Inoltre, attraverso la controgaranzia MCC, la banca può ottenere la ponderazione zero sulla quota garantita, con conseguente riduzione dell’assorbimento di capitale.
La garanzia Confidi può quindi trasformare un’operazione che, con la sola copertura MCC, potrebbe non risultare sufficientemente garantita, in un’operazione maggiormente sostenibile per la banca.
CASO 3 – Finanziamenti a start-up non innovative
Un ulteriore caso riguarda le start-up non innovative.
In questa situazione, MCC può concedere una garanzia dell’80% per finanziamenti destinati a investimenti, ma non per finanziamenti destinati alla liquidità. Inoltre, è previsto un obbligo di apporto di capitale da parte dell’impresa in misura minima pari al 25% dell’operazione.

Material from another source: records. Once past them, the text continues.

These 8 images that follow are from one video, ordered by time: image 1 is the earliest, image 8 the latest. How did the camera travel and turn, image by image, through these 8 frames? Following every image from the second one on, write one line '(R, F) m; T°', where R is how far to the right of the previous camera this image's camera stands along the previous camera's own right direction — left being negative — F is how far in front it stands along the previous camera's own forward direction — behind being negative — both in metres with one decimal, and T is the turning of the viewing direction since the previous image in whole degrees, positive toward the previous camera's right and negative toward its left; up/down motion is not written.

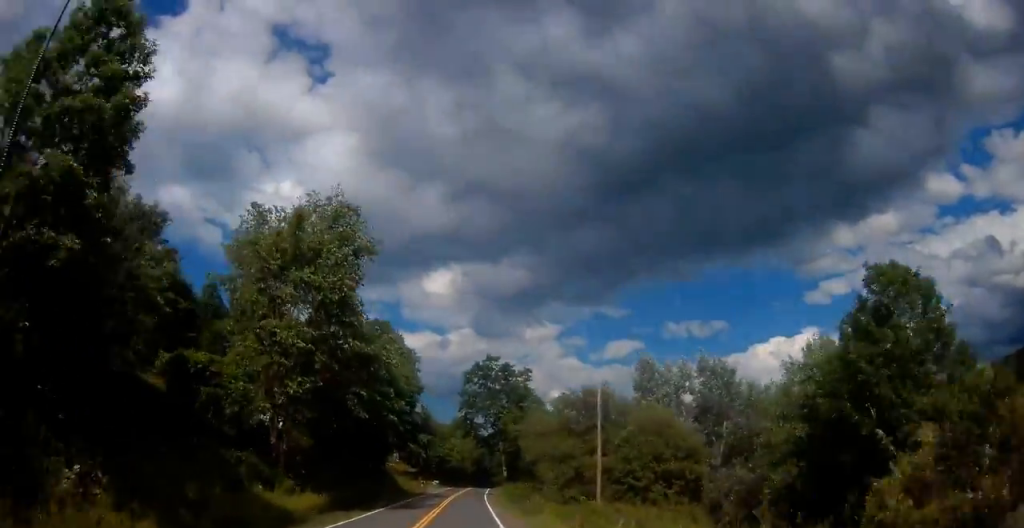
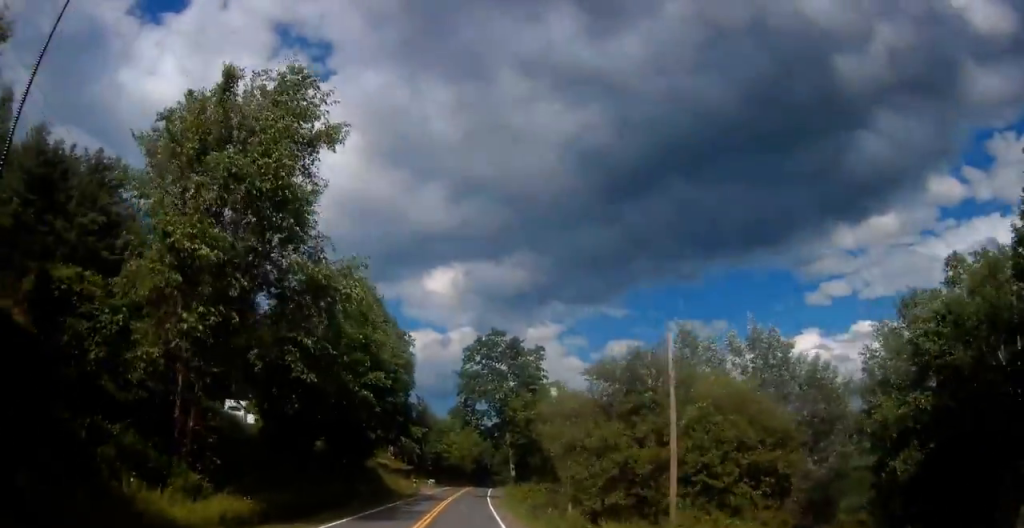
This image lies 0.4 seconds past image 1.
(-0.1, +9.3) m; 0°
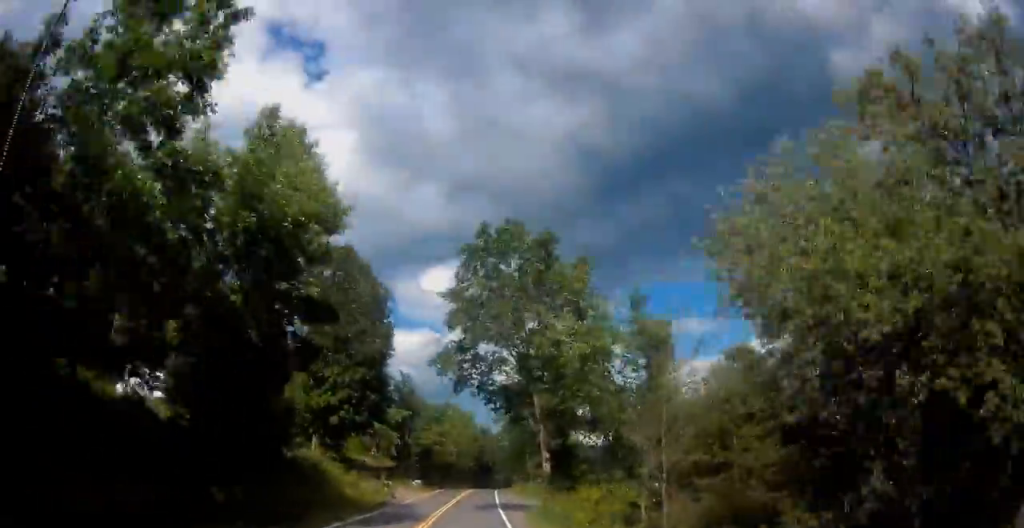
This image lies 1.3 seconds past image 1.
(+0.2, +19.5) m; +2°
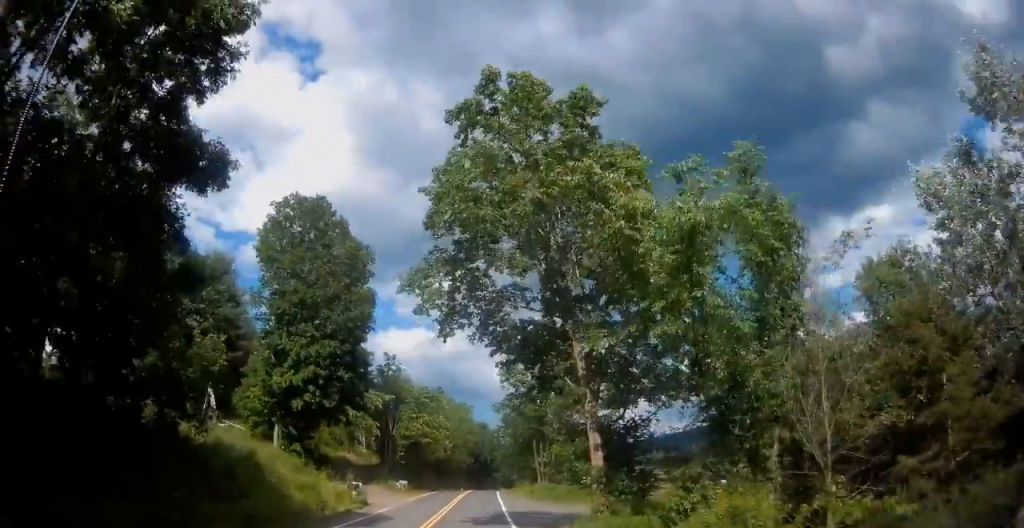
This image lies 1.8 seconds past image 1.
(+0.1, +10.0) m; +1°
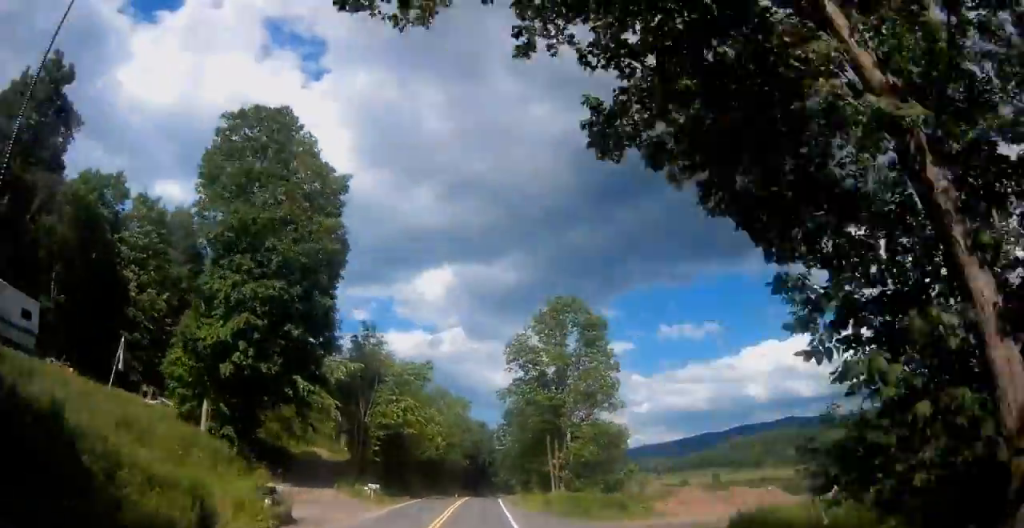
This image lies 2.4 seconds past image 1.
(+0.2, +12.1) m; +1°
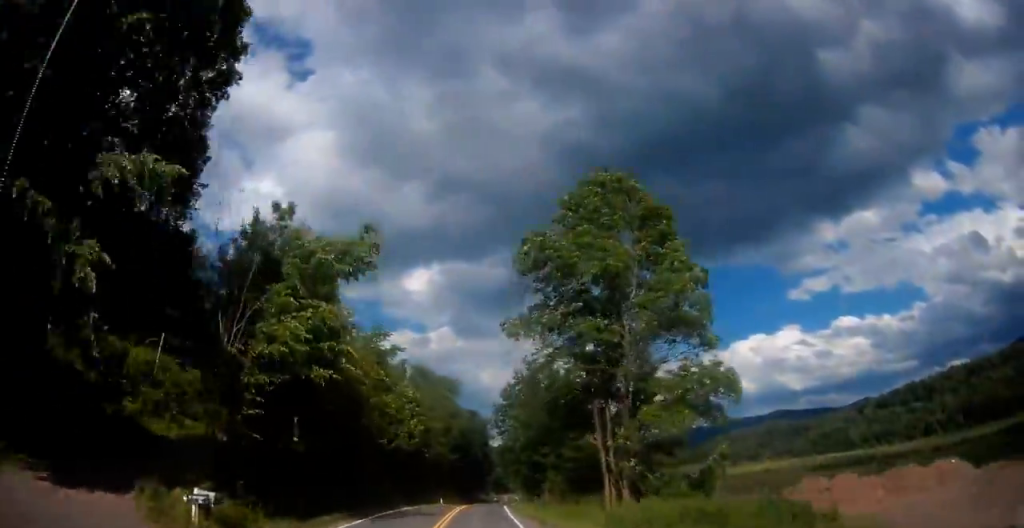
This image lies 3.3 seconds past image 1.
(+0.1, +20.6) m; 0°
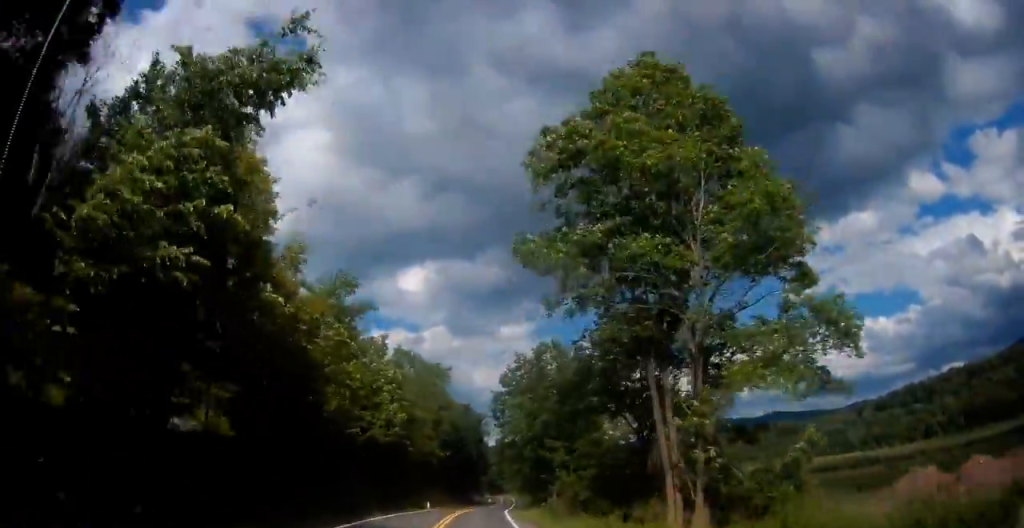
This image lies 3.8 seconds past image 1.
(0.0, +9.2) m; 0°
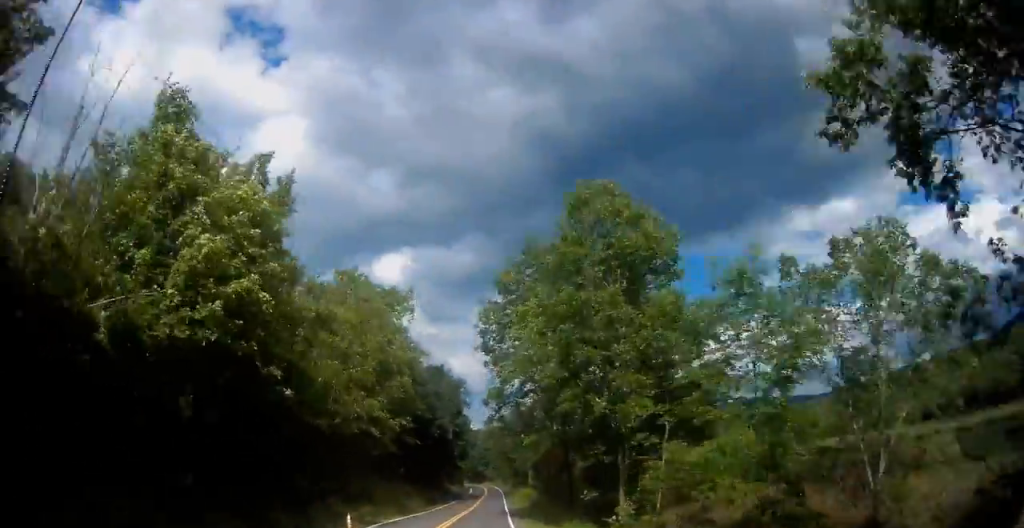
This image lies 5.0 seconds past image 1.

L’intervento di un Confidi può consentire, in questo specifico caso, di ottenere un finanziamento garantito all’80% e controgarantito da MCC, sia per investimenti sia per esigenze di liquidità, senza l’obbligo di apportare il 25% di capitale previsto nel caso di intervento diretto del Fondo.
La garanzia del Confidi può quindi risultare particolarmente utile per una start-up che, pur presentando un progetto meritevole di finanziamento, abbia una limitata disponibilità di capitale proprio o necessiti di finanziamento anche per esigenze di liquidità.
CASO 4 – Operazioni con garanzia tripartita Confidi–MCC–Banca
Un ultimo caso riguarda le operazioni nelle quali il rischio viene condiviso tra Confidi, MCC e banca.
La garanzia del Fondo di Garanzia per le PMI è subordinata all’esito della valutazione effettuata da MCC. Qualora l’impresa venga collocata nella fascia 5, la garanzia diretta del Fondo non può essere concessa.
Questo può rappresentare un ostacolo significativo all’accesso al credito, considerato il ruolo che la garanzia pubblica riveste nelle politiche di finanziamento delle banche.
In presenza di un’operazione con rischio tripartito, il Confidi può invece concedere una garanzia del 67%, controgarantita al 100% da MCC, fino a un importo massimo di 120.000 euro, anche a imprese che rientrano nella fascia 5 della valutazione MCC e che, pertanto, non sarebbero garantibili attraverso un intervento diretto del Fondo.
In questo modo, la banca può beneficiare della ponderazione zero sulla quota del finanziamento garantita dal Confidi, pari al 67%, anche nei confronti di imprese che non potrebbero ottenere direttamente la garanzia MCC.
Anche in questo caso, quindi, la garanzia privata del Confidi può consentire di superare un limite che, in assenza di tale intervento, potrebbe rendere più difficile o impedire l’accesso al finanziamento.
IN SINTESI
La garanzia del Confidi non rappresenta necessariamente un’alternativa alla garanzia MCC. In determinate situazioni può invece costituire uno strumento complementare o alternativo in grado di aumentare la copertura del rischio, facilitare la decisione della banca e consentire l’accesso al credito anche in situazioni nelle quali la garanzia pubblica non è disponibile o non è sufficiente.
Prima di sostenere il costo della garanzia, è quindi opportuno valutare il beneficio concreto che l’intervento del Confidi può generare sull’operazione, considerando sia la possibilità di ottenere il finanziamento sia le eventuali ricadute sulle condizioni applicate dalla banca.